● What is required: Leave the images aside and output every entry exactly.

● Records provided:
◆ ◆ ◆ ◆ ◆

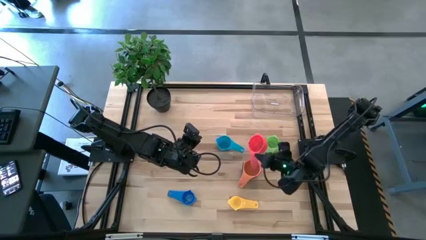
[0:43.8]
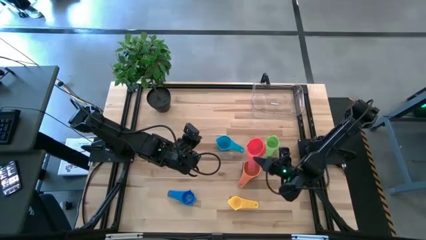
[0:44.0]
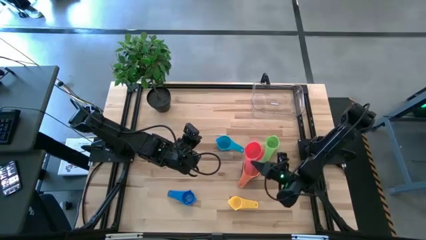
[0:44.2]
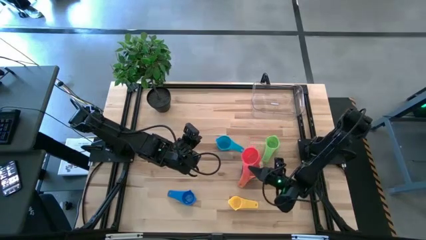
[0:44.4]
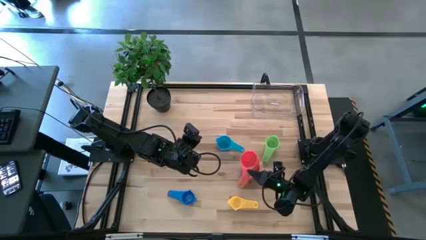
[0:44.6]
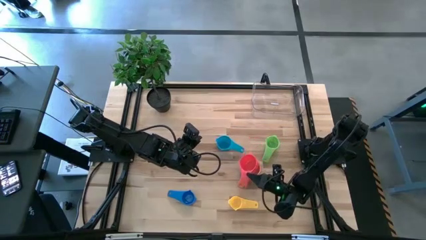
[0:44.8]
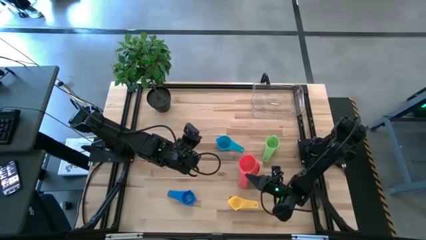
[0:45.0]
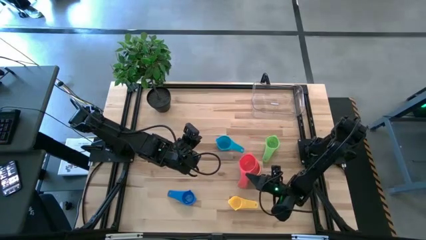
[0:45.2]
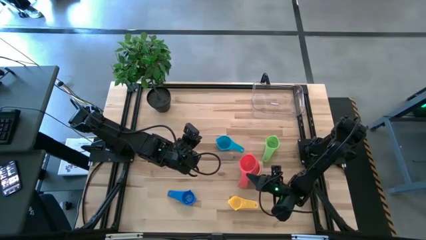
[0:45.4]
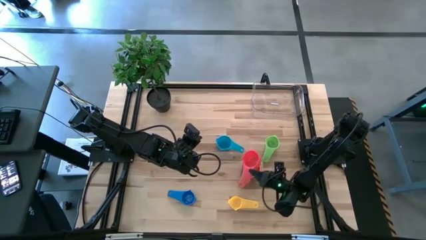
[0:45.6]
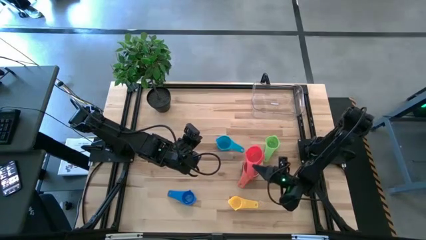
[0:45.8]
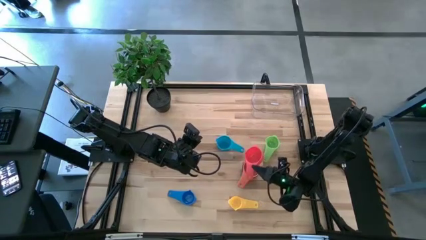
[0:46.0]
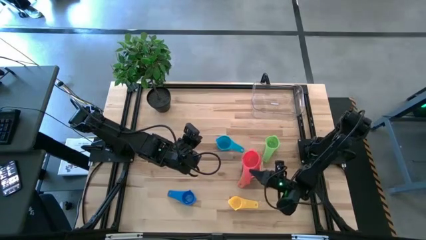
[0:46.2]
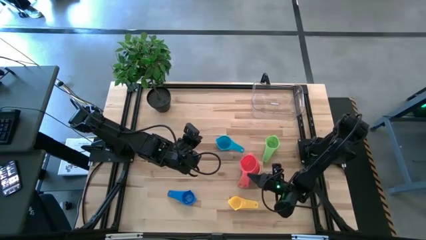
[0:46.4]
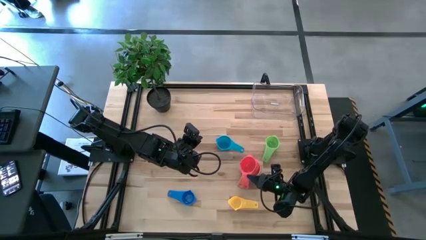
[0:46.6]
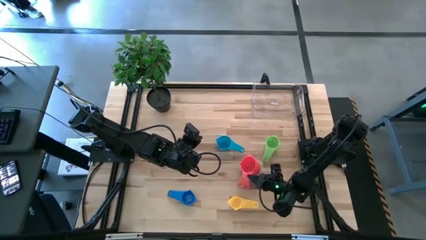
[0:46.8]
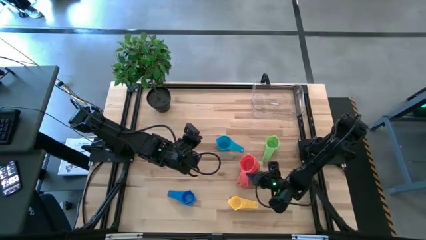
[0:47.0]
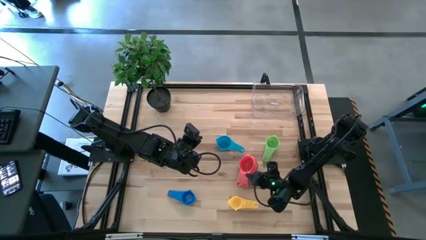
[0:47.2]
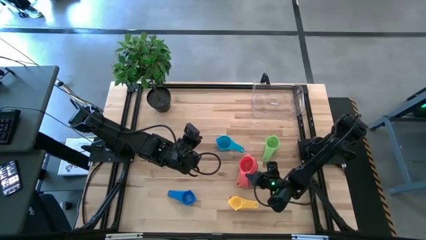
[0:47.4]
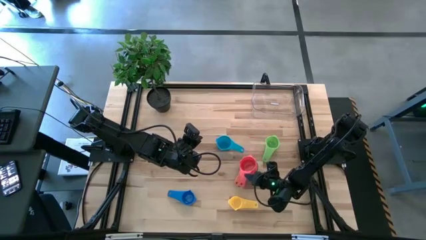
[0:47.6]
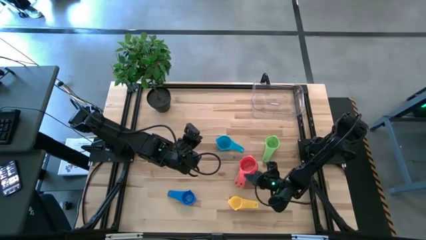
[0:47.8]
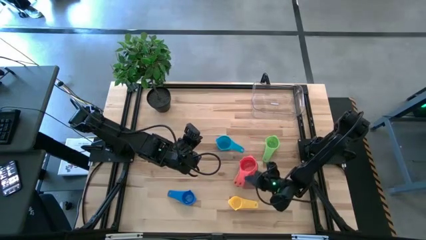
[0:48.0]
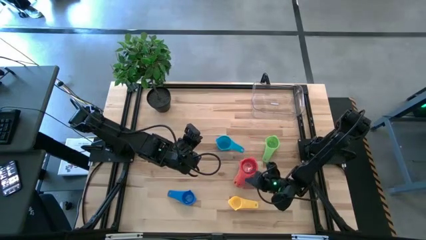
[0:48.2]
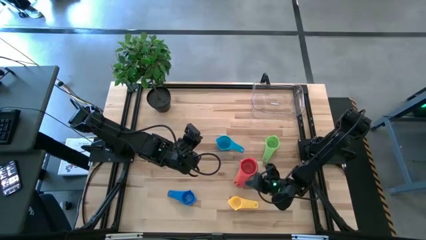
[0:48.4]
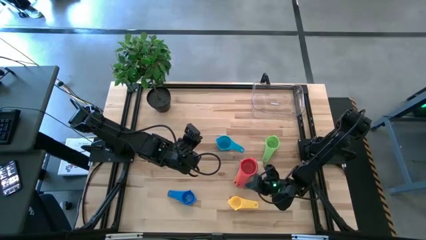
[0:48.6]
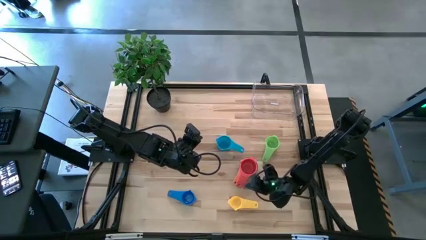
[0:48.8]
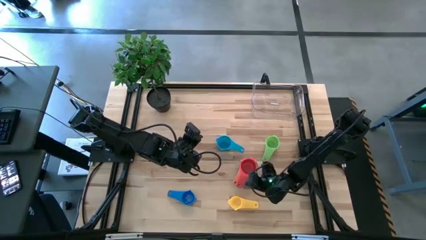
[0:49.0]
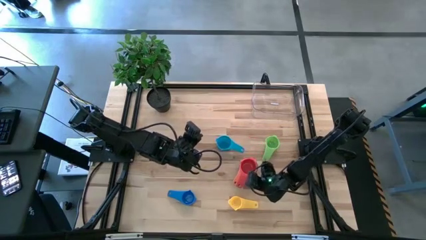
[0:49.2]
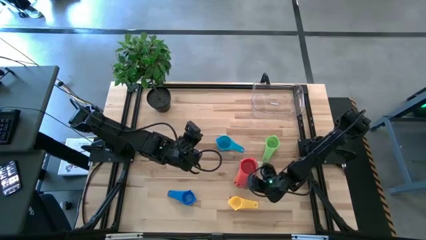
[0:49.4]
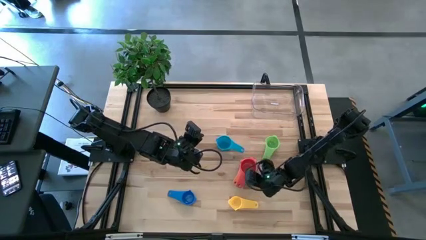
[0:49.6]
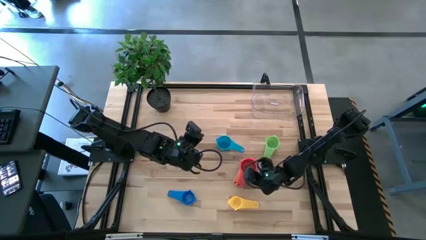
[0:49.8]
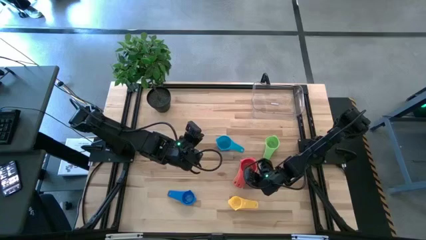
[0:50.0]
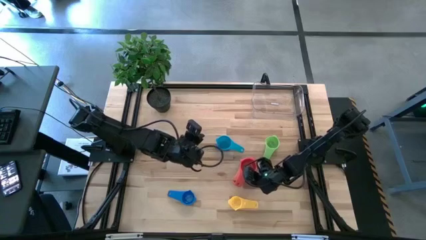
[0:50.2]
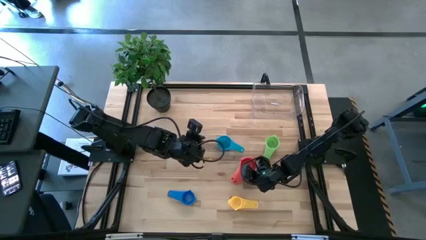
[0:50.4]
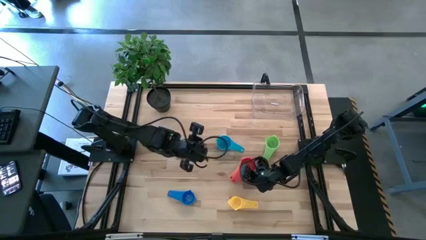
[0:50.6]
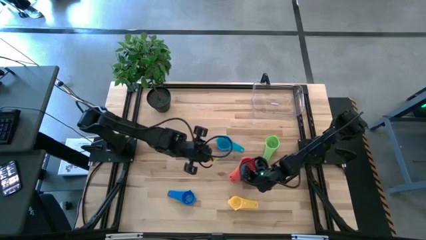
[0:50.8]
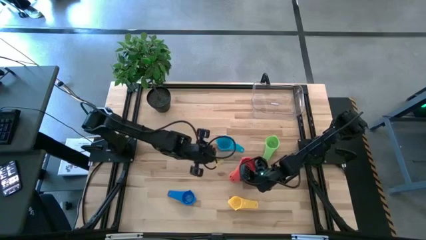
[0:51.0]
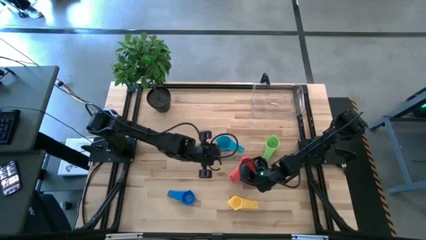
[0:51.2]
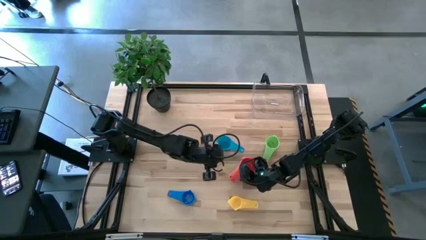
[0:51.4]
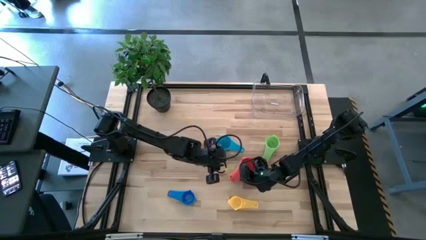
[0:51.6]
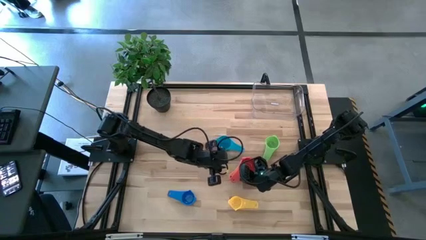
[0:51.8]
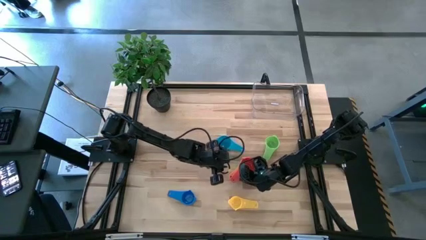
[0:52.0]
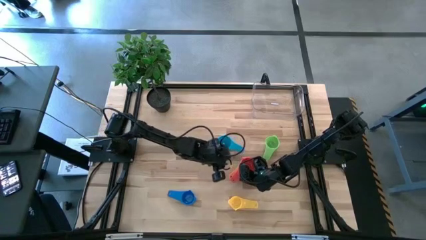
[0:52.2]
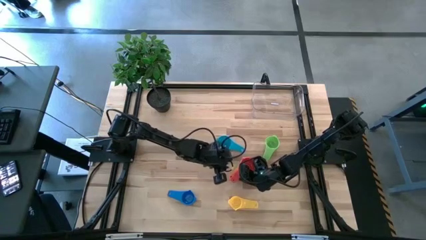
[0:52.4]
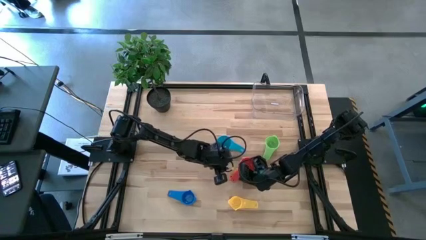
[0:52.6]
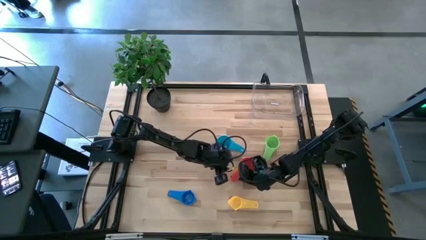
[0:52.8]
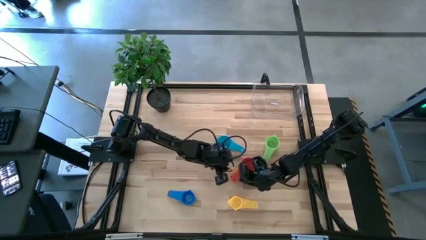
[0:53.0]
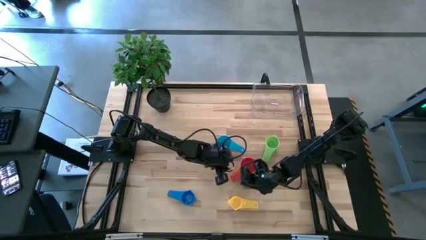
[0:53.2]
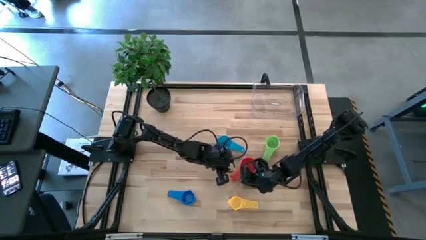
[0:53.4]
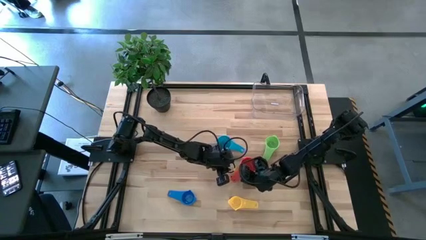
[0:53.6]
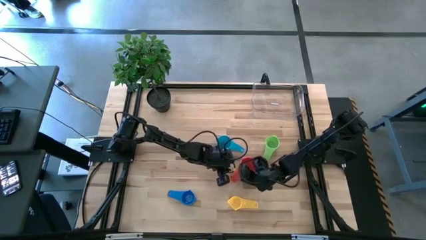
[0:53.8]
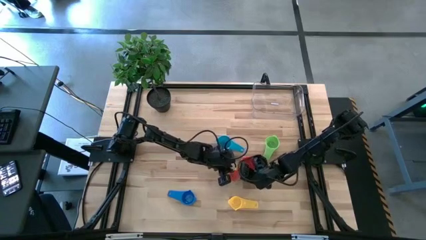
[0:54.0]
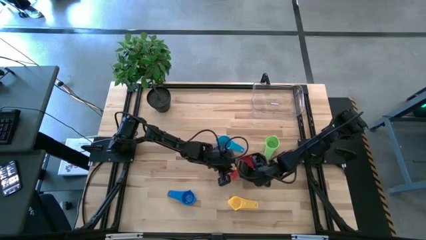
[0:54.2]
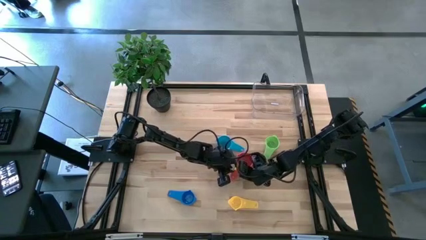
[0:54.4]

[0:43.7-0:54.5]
Task: Nest measuring cups in basket
Stack the red measuring cup on top of the orange measuring cup

◆ ◆ ◆ ◆ ◆

● Exercise output:
[0:43.8]
[0:44.0]
[0:44.2]
[0:44.4]
[0:44.6]
[0:44.8]
[0:45.0]
[0:45.2]
[0:45.4]
[0:45.6]
[0:45.8]
[0:46.0]
[0:46.2]
[0:46.4]
[0:46.6]
[0:46.8]
[0:47.0]
[0:47.2]
[0:47.4]
[0:47.6]
[0:47.8]
[0:48.0]
[0:48.2]
[0:48.4]
[0:48.6]
[0:48.8]
[0:49.0]
[0:49.2]
[0:49.4]
[0:49.6]
[0:49.8]
[0:50.0]
[0:50.2]
[0:50.4]
[0:50.6]
[0:50.8]
[0:51.0]
[0:51.2]
[0:51.4]
[0:51.6]
[0:51.8]
[0:52.0]
[0:52.2]
[0:52.4]
[0:52.6]
[0:52.8]
[0:53.0]
[0:53.2]
[0:53.4]
[0:53.6]
[0:53.8]
[0:54.0]
[0:54.2]
[0:54.4]

[0:43.7-0:54.5]
Task: Nest measuring cups in basket
Stack the red measuring cup on top of the orange measuring cup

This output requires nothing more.